パラ・スター <Side 百花>(集英社文庫)
パラ・スター <Side 宝良>(集英社文庫)
阿部暁子 著
自分を救ってくれた親友の宝良が交通事故で車いす生活になってしまい、そんな宝良を窮地から救い出すとともに、車いすエンジニアを目指す百花。
無愛想で愛嬌もないが、人一倍負けず嫌いで、百花との約束を胸に車いすテニスでのパラリンピック出場を目指して奮闘する宝良。
車いすテニスという競技を通して、二人の女性の成長と友情、仕事に対するやりがいや誇りを描いた物語です。
車いすエンジニアの百花、車いすテニスプレーヤーの宝良、それぞれの側面から描かれていて、読み応えがありました。
まず百花サイド。
ユーザーにとっては相棒とも言える存在である車いすの製作に情熱を燃やす藤沢製作所のエンジニアたちの仕事に対する熱い想いや、車イスを作ることに対する誇りに胸が打たれる場面が多かったです。
以下に、藤沢製作所の面々が話した中で印象に残った言葉を抜粋しました。
「ここにいいる俺たちはみんな立場は違うが、いい車いすを作りたい、それを使ってる人に笑ってもらいたいって気持ちは同じはずだ。必要としてる人がいるってんなら俺は職人として作りてえよ。最高の競技用車いすってやつを」
「仕事ってのは、人に集まるもんだからな。そいつがそれまでにやってきた過去の仕事が、次の仕事と人を連れてくるんだ。おまえもそういう仕事ができるやつになれ」
「ねえ、山路(百花)さん、時間がかかってはいけないの?仕事って、時間をかけて自分を育てていく行為でもあると私は思います。時間をかけなければ得られないものをひとつずつ手にして、懸命に磨いて、それを世の中へ還していく。仕事とはそういうものではないかしら」
そして、宝良サイド。
スランプに苦しみながらも、新しいコーチや車いすエンジニアとともに、車いすテニスに情熱を傾ける宝良の熱い戦いが見所でした。

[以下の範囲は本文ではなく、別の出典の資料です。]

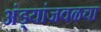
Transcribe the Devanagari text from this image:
अंड्यांजवळचा
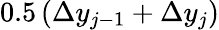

「強いって、悩まないことでも、傷つかないことでもないんだと思う。それは、何度でも自分の弱さから立ち上がるってことなんだと思う」
自分が決して強くないことを知っている宝良が、自分と同じように車いすになってしまった小学生のみちるにかけた言葉は、宝良が自分自身に常にかけている言葉であり、自分を鼓舞するために必要な言葉なんだと思いました。
また、車いすテニス会の女王である七條玲が、車いすテニスに興味を持ってもらい、車いすでも普通にテニスができる世界を作っていこうと、ひたむきに頑張る姿も好きでした。
物語の終盤、宝良と百花が同じ場所に立つ機会が訪れるのですが、あえてお互いに声をかけず、全力で自分ができることをやる姿に、信頼関係が感じられました。
スポーツが好きな人には楽しめる内容だと思います。